Posted by: Grant at Feb 22, 2008 9:45:29 PM
Grant, I consider myself a libertarian in government policy. I concede that state and local government policies have hurt Michigan. But only to a very limited degree.
Take the south side of Chicago. This area of Chicago is just as impoverished as Detroit. Is Springfield to blame for this?
I think it's really tough to convert industrial zones into growth machines. And to be honest, besides pro-growth tax policies, I don't think any governmental effort would help.
There is one good side to this: housing is very cheap in Detroit.
Posted by: thehova at Feb 22, 2008 10:01:57 PM
thehova, I wasn't trying to take a side on any 'government vs. market' battle in why Detroit has gone to hell. I'm just curious as to why it would. Generally you'd think businessmen would take advantage of cheap real estate price and the existing infrastructure. Of course, crime is a big issue; perhaps crime deters more development? Or perhaps the poverty came before the crime?

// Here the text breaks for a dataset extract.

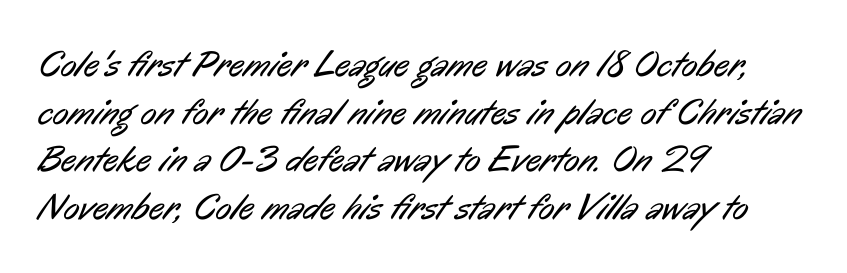
{"serif": "no", "bold": "no", "weight": "regular", "width": "condensed", "stroke_contrast": "low", "x_height": "medium", "monospaced": "no", "underline": "no", "align": "left", "line_spacing": "normal", "line_spacing_ratio": 1.29, "letter_spacing": "normal", "letter_spacing_em": 0.0, "glyph_px": 37}

Posted by: Grant at Feb 22, 2008 10:36:41 PM
Yeah, I don't really understand it either Grant.
I would love to read a book on why Detroit fell (hopefully there is one out there).
For some reason, business developers seem to stay out of industrial zones, even though real estate prices decline.
yeah, crime might have something to do with it. My grandparents live in the suburbs of Detroit. They avoid entering Detroit like the plague.
Posted by: thehova at Feb 22, 2008 11:02:23 PM
thehova, funny you should ask. In fact I initially planned this post in the context of a discussion of the chapter in Tim Harford's book The Logic of Life that discusses the decline of cities like Detroit. Harford builds on Ed Glaeser's paper on urban decline and housing initially called something like why does anyone still live in Detroit?
See here
http://www.economics.harvard.edu/pub/hier/2001/HIER1931.pdf
and here for more relevant Glaeser papers
http://www.economics.harvard.edu/faculty/glaeser/papers_glaeser
Alex
Posted by: Alex Tabarrok at Feb 22, 2008 11:28:17 PM
Thanks Alex for the links. I can't wait to read up on this.
Posted by: thehova at Feb 23, 2008 12:04:25 AM
To make good new jobs in today's world, you seem to need good universities. There are plenty of good jobs around Lansing and Ann Arbor.
To renew Detroit, I'd guess its leaders have to make some kind of deals to get better higher ed. I've lived in Baltimore, which has done much better in terms of the renewal game via great biotech and medical research jobs.
Posted by: Jon Kay at Feb 24, 2008 1:42:20 AM
Another thing that I think people are missing about Detroit is CLIMATE.
People don't want to create startups in a region that is cold, is a relative transportation backwater, has little to offer its denizens during the wintry months (not even skiing!) and that, coupled with all of the socioeconomic problems above, makes a killer case for not-Detroit. the Twin Cities make up for this with massive expenditures on anti-winter infrastructure, including but not limited to, heated bus stations, skywalk street networks, passive solar heating everything and so, as a result, those areas are not as unappealing even when major industries go under.